» **Instructions for the task**: Please tally the lines of the records that contain "Pleural" and send back only the total.
---- Information supplied
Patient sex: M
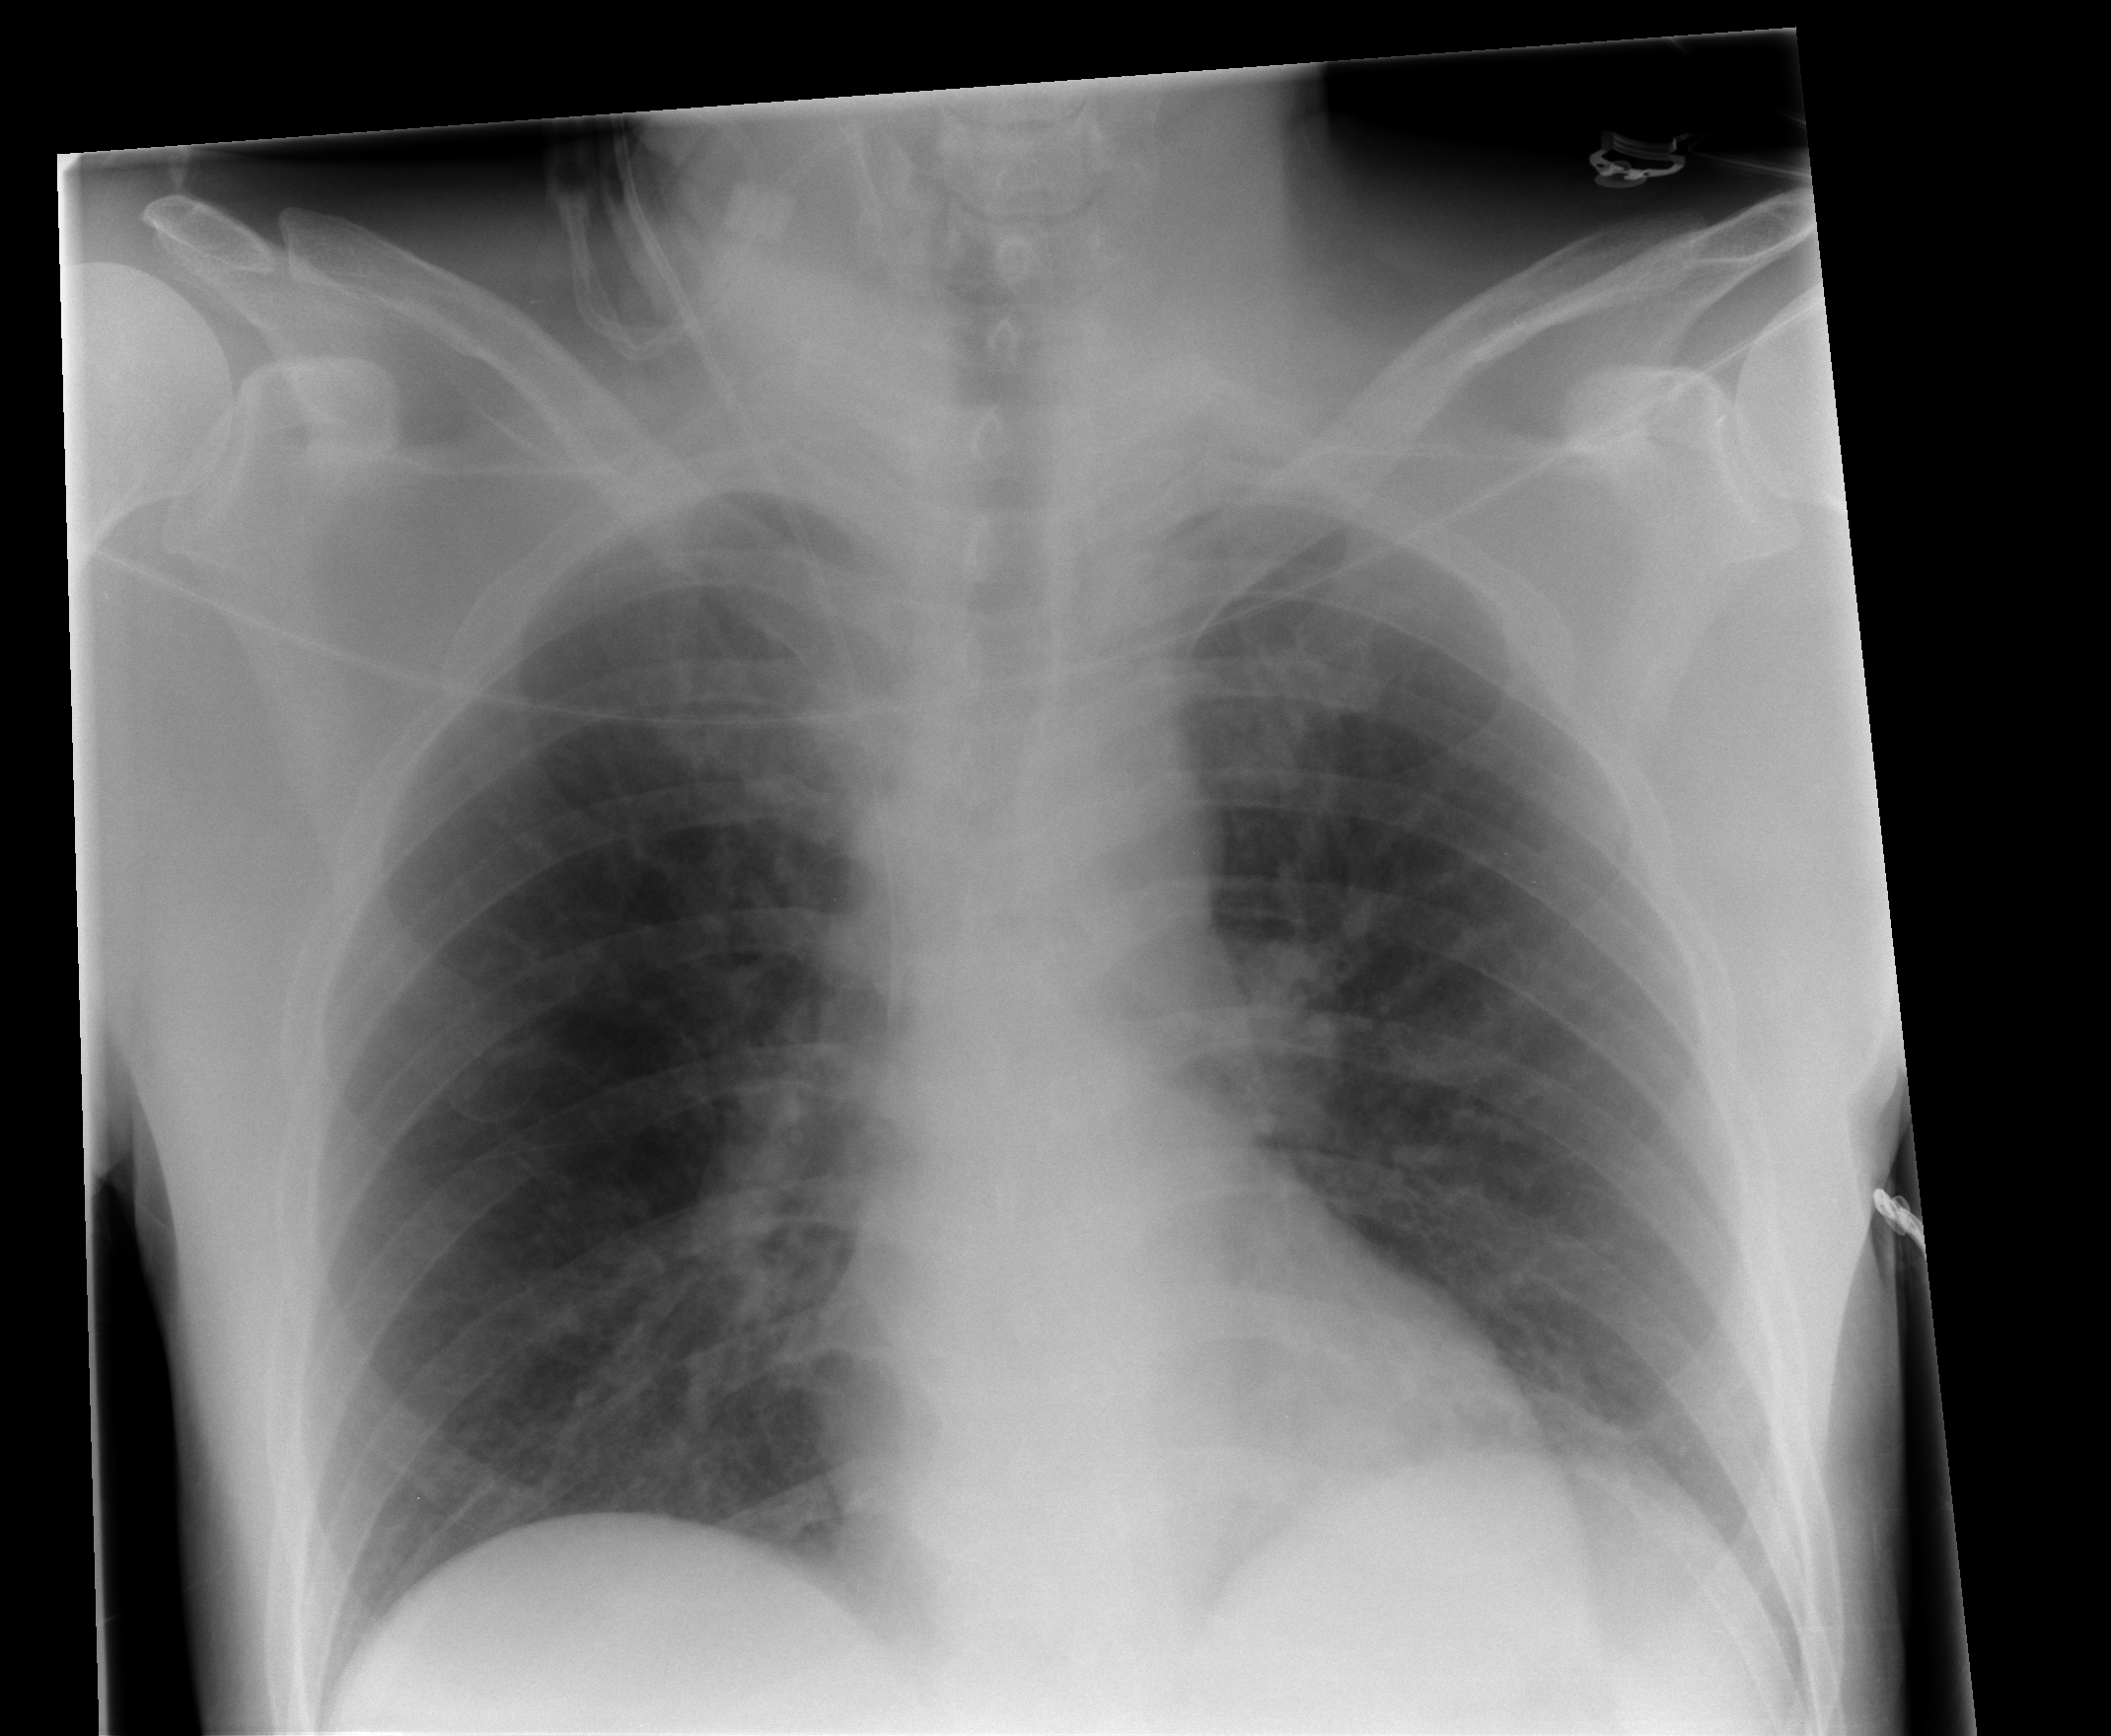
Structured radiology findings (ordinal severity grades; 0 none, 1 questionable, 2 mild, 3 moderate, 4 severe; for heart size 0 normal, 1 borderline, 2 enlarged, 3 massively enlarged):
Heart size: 0
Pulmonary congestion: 0
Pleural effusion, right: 0
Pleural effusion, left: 0
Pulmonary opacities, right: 0
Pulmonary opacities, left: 0
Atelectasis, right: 0
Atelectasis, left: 2
--------
» **Task output**: 2